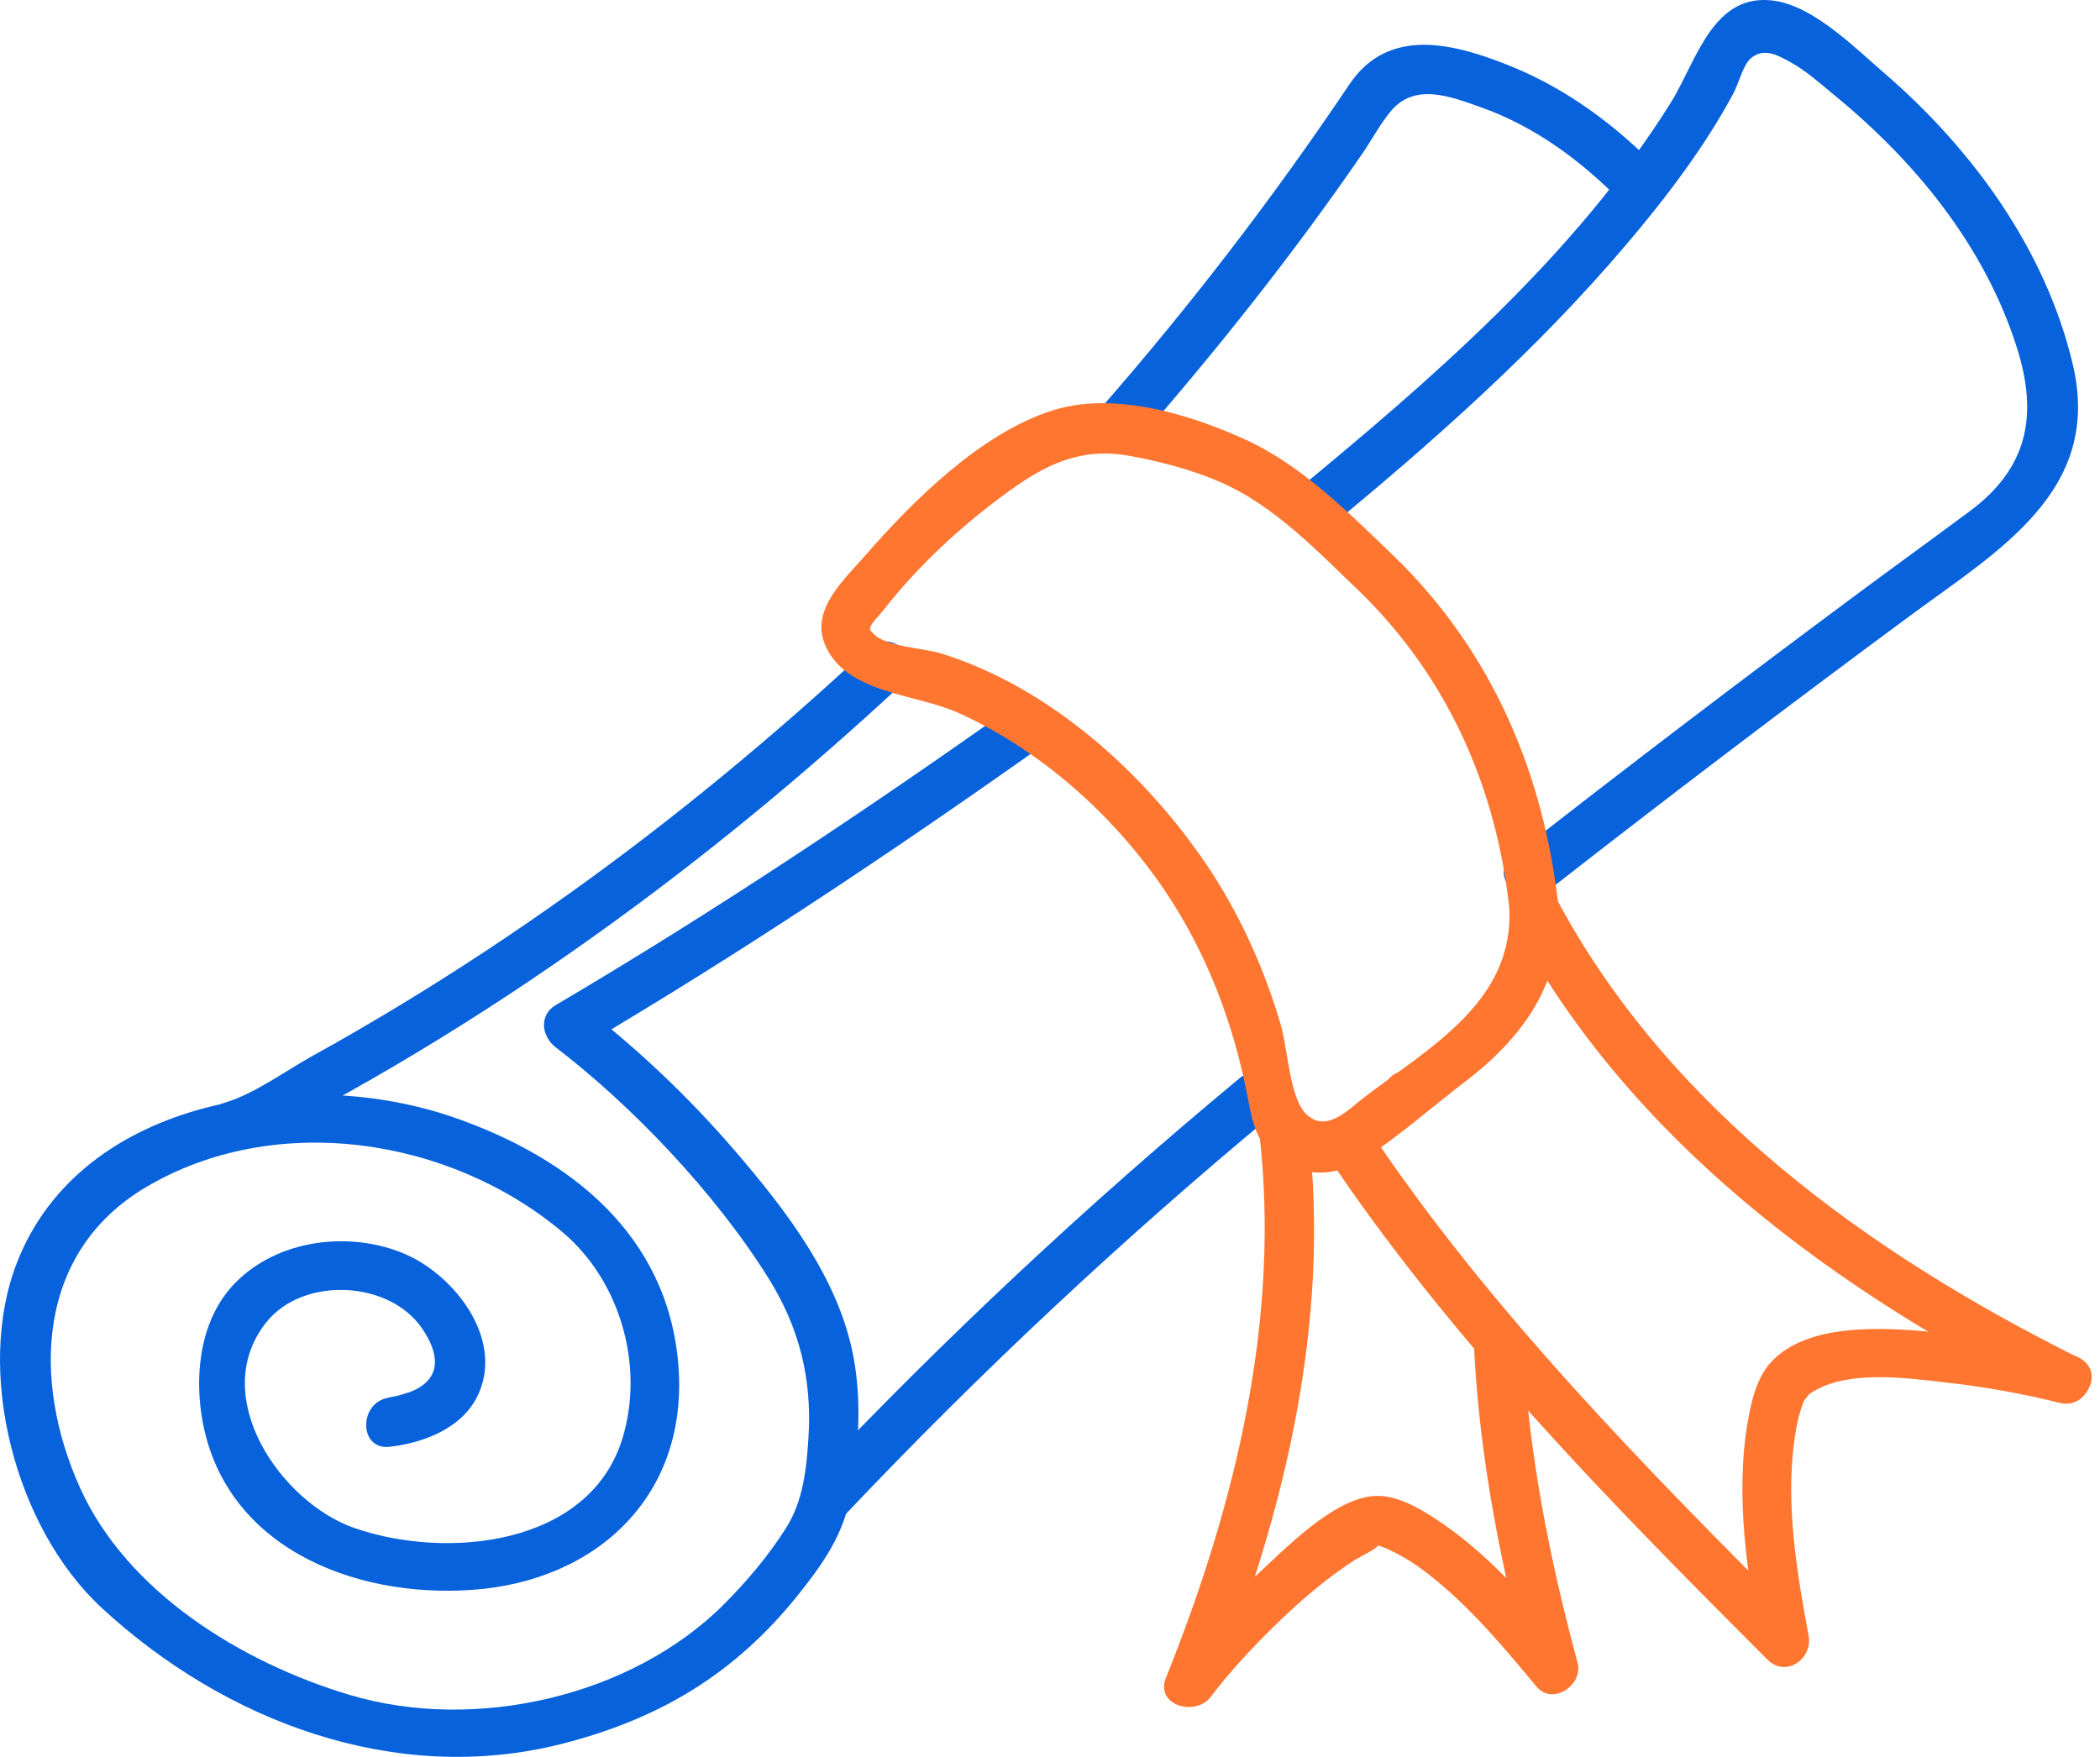 <svg width="49" height="41" viewBox="0 0 49 41" fill="none" xmlns="http://www.w3.org/2000/svg">
<path d="M30.959 12.352C33.438 10.312 35.864 8.162 37.945 5.709C38.878 4.609 39.767 3.444 40.451 2.17C40.562 1.963 40.673 1.525 40.84 1.372C41.15 1.093 41.486 1.294 41.76 1.441C42.139 1.646 42.492 1.965 42.823 2.239C44.71 3.785 46.318 5.765 47.061 8.114C47.558 9.681 47.324 10.919 45.96 11.931C45.097 12.572 44.226 13.201 43.363 13.842C40.644 15.859 37.952 17.908 35.287 19.993C34.705 20.448 35.525 21.256 36.099 20.804C38.895 18.617 41.721 16.473 44.576 14.364C46.617 12.857 49.06 11.458 48.368 8.516C47.736 5.83 46.025 3.48 43.957 1.697C43.287 1.12 42.344 0.171 41.436 0.023C39.964 -0.216 39.587 1.437 38.981 2.403C36.741 5.983 33.375 8.879 30.144 11.539C29.573 12.009 30.39 12.817 30.957 12.35L30.959 12.352Z" fill="#0762DC"/>
<path d="M23.664 16.463C20.192 18.922 16.638 21.292 12.97 23.454C12.564 23.693 12.639 24.192 12.97 24.445C14.71 25.773 16.678 27.816 17.939 29.842C18.648 30.98 18.947 32.172 18.866 33.515C18.822 34.261 18.744 35.027 18.337 35.666C17.931 36.305 17.441 36.886 16.91 37.422C14.747 39.599 11.077 40.433 8.144 39.55C5.636 38.796 2.959 37.158 1.859 34.703C0.746 32.218 0.849 29.22 3.403 27.707C6.414 25.922 10.489 26.536 13.126 28.755C14.475 29.892 15.042 31.878 14.523 33.571C13.75 36.085 10.416 36.404 8.27 35.66C6.559 35.067 4.841 32.589 6.211 30.862C7.071 29.777 9.1 29.877 9.861 31.019C10.194 31.518 10.326 32.052 9.771 32.389C9.612 32.484 9.43 32.53 9.253 32.578C9.182 32.597 8.935 32.633 9.092 32.616C8.366 32.7 8.358 33.848 9.092 33.764C9.916 33.668 10.828 33.313 11.177 32.503C11.733 31.214 10.6 29.765 9.46 29.27C8.169 28.711 6.477 28.918 5.477 29.951C4.708 30.745 4.544 31.948 4.699 33.001C5.155 36.068 8.209 37.301 11.016 37.103C13.954 36.896 16.076 34.877 15.828 31.847C15.58 28.828 13.321 27.024 10.583 26.075C7.098 24.868 1.913 25.595 0.399 29.457C-0.601 32.008 0.361 35.666 2.373 37.523C5.247 40.179 9.223 41.673 13.082 40.703C15.368 40.127 17.138 39.073 18.615 37.229C19.202 36.496 19.694 35.8 19.853 34.86C20.033 33.798 20.112 32.721 19.913 31.658C19.568 29.825 18.317 28.212 17.128 26.833C16.061 25.595 14.854 24.447 13.553 23.454V24.445C17.221 22.283 20.775 19.913 24.247 17.454C24.845 17.029 24.272 16.035 23.666 16.463H23.664Z" fill="#0762DC"/>
<path d="M19.712 35.358C22.866 32.025 26.203 28.903 29.737 25.974C30.306 25.501 29.489 24.694 28.924 25.162C25.393 28.091 22.053 31.214 18.899 34.547C18.392 35.084 19.202 35.897 19.712 35.358Z" fill="#0762DC"/>
<path d="M5.537 26.846C6.23 26.645 6.936 26.146 7.568 25.801C8.283 25.411 8.988 25.008 9.685 24.588C11.136 23.718 12.552 22.784 13.927 21.799C16.438 20.005 18.817 18.036 21.076 15.937C21.619 15.432 20.804 14.623 20.264 15.126C18.076 17.16 15.777 19.069 13.347 20.808C12.063 21.726 10.749 22.599 9.4 23.418C8.706 23.838 8.005 24.248 7.294 24.64C6.656 24.994 5.928 25.535 5.23 25.738C4.533 25.941 4.822 27.053 5.537 26.846Z" fill="#0762DC"/>
<path d="M26.455 10.393C28.355 8.221 30.159 5.956 31.793 3.578C32.011 3.259 32.205 2.891 32.452 2.595C33.01 1.925 33.837 2.248 34.56 2.505C35.847 2.962 36.953 3.796 37.894 4.77C38.407 5.304 39.22 4.491 38.706 3.959C37.729 2.947 36.583 2.088 35.273 1.554C33.962 1.02 32.408 0.597 31.49 1.963C29.701 4.628 27.754 7.162 25.638 9.58C25.154 10.135 25.964 10.95 26.451 10.391L26.455 10.393Z" fill="#0762DC"/>
<path d="M2.459 27.074C2.346 27.079 2.265 27.095 2.167 27.152C2.125 27.177 2.089 27.212 2.049 27.244L2.166 27.154L2.304 27.097L2.457 27.076C2.378 27.072 2.304 27.089 2.235 27.125C2.164 27.148 2.102 27.189 2.049 27.244C1.993 27.296 1.953 27.357 1.93 27.43C1.893 27.498 1.878 27.571 1.88 27.651L1.901 27.805C1.928 27.902 1.978 27.986 2.049 28.057L2.166 28.147C2.256 28.199 2.351 28.226 2.455 28.226C2.568 28.22 2.648 28.204 2.746 28.147C2.788 28.122 2.825 28.088 2.865 28.055L2.748 28.145L2.61 28.203L2.457 28.224C2.535 28.227 2.61 28.21 2.679 28.174C2.75 28.151 2.811 28.111 2.865 28.055C2.92 28.003 2.961 27.942 2.984 27.87C3.02 27.801 3.035 27.728 3.034 27.648L3.012 27.495C2.986 27.397 2.936 27.313 2.865 27.242L2.748 27.152C2.658 27.101 2.562 27.074 2.459 27.074Z" fill="#0762DC"/>
<path d="M36.367 21.179C36.028 18.07 34.829 15.239 32.579 13.031L32.462 13.932C32.744 13.716 32.874 13.312 32.579 13.031C31.508 12.006 30.402 10.865 29.029 10.245C27.714 9.652 25.971 9.126 24.547 9.582C22.886 10.112 21.301 11.686 20.178 12.976C19.694 13.532 18.921 14.217 19.243 15.025C19.707 16.19 21.372 16.186 22.374 16.641C24.208 17.475 25.831 18.891 27 20.525C28.023 21.956 28.692 23.601 29.054 25.317C29.213 26.077 29.255 26.779 30.014 27.175C30.608 27.487 31.299 27.397 31.843 27.038C32.66 26.5 33.422 25.828 34.196 25.235C35.532 24.212 36.465 22.936 36.365 21.179C36.323 20.445 35.174 20.441 35.216 21.179C35.338 23.364 33.363 24.438 31.845 25.599C31.454 25.899 30.96 26.439 30.493 26.014C30.09 25.648 30.048 24.47 29.883 23.909C29.498 22.599 28.927 21.329 28.163 20.194C26.714 18.044 24.484 16.031 21.96 15.25C21.55 15.124 20.648 15.09 20.383 14.789C20.149 14.523 20.278 14.929 20.303 14.661C20.312 14.558 20.531 14.344 20.59 14.269C21.42 13.2 22.445 12.256 23.539 11.464C24.432 10.818 25.239 10.437 26.356 10.638C27.055 10.764 27.791 10.957 28.448 11.239C29.741 11.793 30.768 12.892 31.765 13.844L31.882 12.943C31.596 13.163 31.476 13.559 31.765 13.844C33.784 15.828 34.911 18.378 35.216 21.181C35.294 21.908 36.446 21.916 36.365 21.181L36.367 21.179Z" fill="#FF7631"/>
<path d="M48.369 31.631C47.329 31.373 46.262 31.193 45.194 31.093C44.05 30.986 42.207 30.837 41.328 31.784C40.979 32.159 40.856 32.737 40.774 33.221C40.485 34.956 40.776 36.77 41.096 38.478L42.056 37.92C38.463 34.327 34.748 30.573 31.925 26.335C31.517 25.723 30.521 26.297 30.933 26.915C33.811 31.237 37.578 35.069 41.241 38.731C41.671 39.161 42.303 38.712 42.201 38.172C41.924 36.689 41.659 35.094 41.872 33.581C41.914 33.282 41.977 32.976 42.092 32.697C42.111 32.651 42.295 32.465 42.138 32.595C42.964 31.918 44.539 32.165 45.512 32.276C46.369 32.373 47.224 32.532 48.061 32.739C48.779 32.917 49.086 31.811 48.367 31.631H48.369Z" fill="#FF7631"/>
<path d="M48.514 31.692C43.61 29.251 38.904 25.865 36.291 20.923C35.946 20.269 34.953 20.848 35.298 21.503C37.998 26.607 42.865 30.162 47.933 32.683C48.594 33.012 49.177 32.021 48.514 31.692Z" fill="#FF7631"/>
<path d="M32.85 24.977H32.846C32.768 24.973 32.693 24.99 32.624 25.027C32.553 25.049 32.492 25.09 32.438 25.145C32.383 25.197 32.343 25.258 32.319 25.331C32.283 25.4 32.268 25.472 32.27 25.553L32.291 25.706C32.318 25.803 32.367 25.887 32.438 25.958L32.555 26.048C32.645 26.1 32.741 26.127 32.844 26.127H32.848C32.927 26.131 33.002 26.113 33.071 26.077C33.142 26.054 33.203 26.014 33.257 25.958C33.312 25.907 33.352 25.845 33.375 25.773C33.412 25.704 33.427 25.631 33.425 25.551L33.404 25.398C33.377 25.3 33.327 25.216 33.257 25.145L33.14 25.055C33.05 25.004 32.954 24.977 32.85 24.977Z" fill="#FF7631"/>
<path d="M34.395 31.453C34.522 34.028 35.033 36.617 35.704 39.104L36.664 38.545C35.721 37.411 34.713 36.228 33.458 35.421C33.067 35.168 32.554 34.878 32.065 34.912C31.101 34.977 29.98 36.154 29.306 36.772C28.563 37.453 27.869 38.205 27.265 39.014L28.315 39.456C29.965 35.36 31.053 30.849 30.53 26.412C30.444 25.687 29.294 25.679 29.381 26.412C29.892 30.762 28.825 35.134 27.206 39.152C26.944 39.804 27.904 40.07 28.256 39.594C28.662 39.048 29.222 38.448 29.739 37.943C30.299 37.393 30.896 36.879 31.55 36.444C31.709 36.339 32.343 36.035 32.088 36.06C32.228 36.047 32.768 36.332 33.056 36.534C34.133 37.296 35.014 38.352 35.849 39.358C36.231 39.817 36.951 39.32 36.809 38.8C36.166 36.41 35.666 33.929 35.543 31.455C35.507 30.72 34.357 30.715 34.393 31.455L34.395 31.453Z" fill="#FF7631"/>
</svg>
□ □ □ □
Above are the records; copy exactly the lines from the line with "10.393C28.355 8.221 30.159" through the line with "27.074C2.346 27.079 2.265", both included.

<path d="M26.455 10.393C28.355 8.221 30.159 5.956 31.793 3.578C32.011 3.259 32.205 2.891 32.452 2.595C33.01 1.925 33.837 2.248 34.56 2.505C35.847 2.962 36.953 3.796 37.894 4.77C38.407 5.304 39.22 4.491 38.706 3.959C37.729 2.947 36.583 2.088 35.273 1.554C33.962 1.02 32.408 0.597 31.49 1.963C29.701 4.628 27.754 7.162 25.638 9.58C25.154 10.135 25.964 10.95 26.451 10.391L26.455 10.393Z" fill="#0762DC"/>
<path d="M2.459 27.074C2.346 27.079 2.265 27.095 2.167 27.152C2.125 27.177 2.089 27.212 2.049 27.244L2.166 27.154L2.304 27.097L2.457 27.076C2.378 27.072 2.304 27.089 2.235 27.125C2.164 27.148 2.102 27.189 2.049 27.244C1.993 27.296 1.953 27.357 1.93 27.43C1.893 27.498 1.878 27.571 1.88 27.651L1.901 27.805C1.928 27.902 1.978 27.986 2.049 28.057L2.166 28.147C2.256 28.199 2.351 28.226 2.455 28.226C2.568 28.22 2.648 28.204 2.746 28.147C2.788 28.122 2.825 28.088 2.865 28.055L2.748 28.145L2.61 28.203L2.457 28.224C2.535 28.227 2.61 28.21 2.679 28.174C2.75 28.151 2.811 28.111 2.865 28.055C2.92 28.003 2.961 27.942 2.984 27.87C3.02 27.801 3.035 27.728 3.034 27.648L3.012 27.495C2.986 27.397 2.936 27.313 2.865 27.242L2.748 27.152C2.658 27.101 2.562 27.074 2.459 27.074Z" fill="#0762DC"/>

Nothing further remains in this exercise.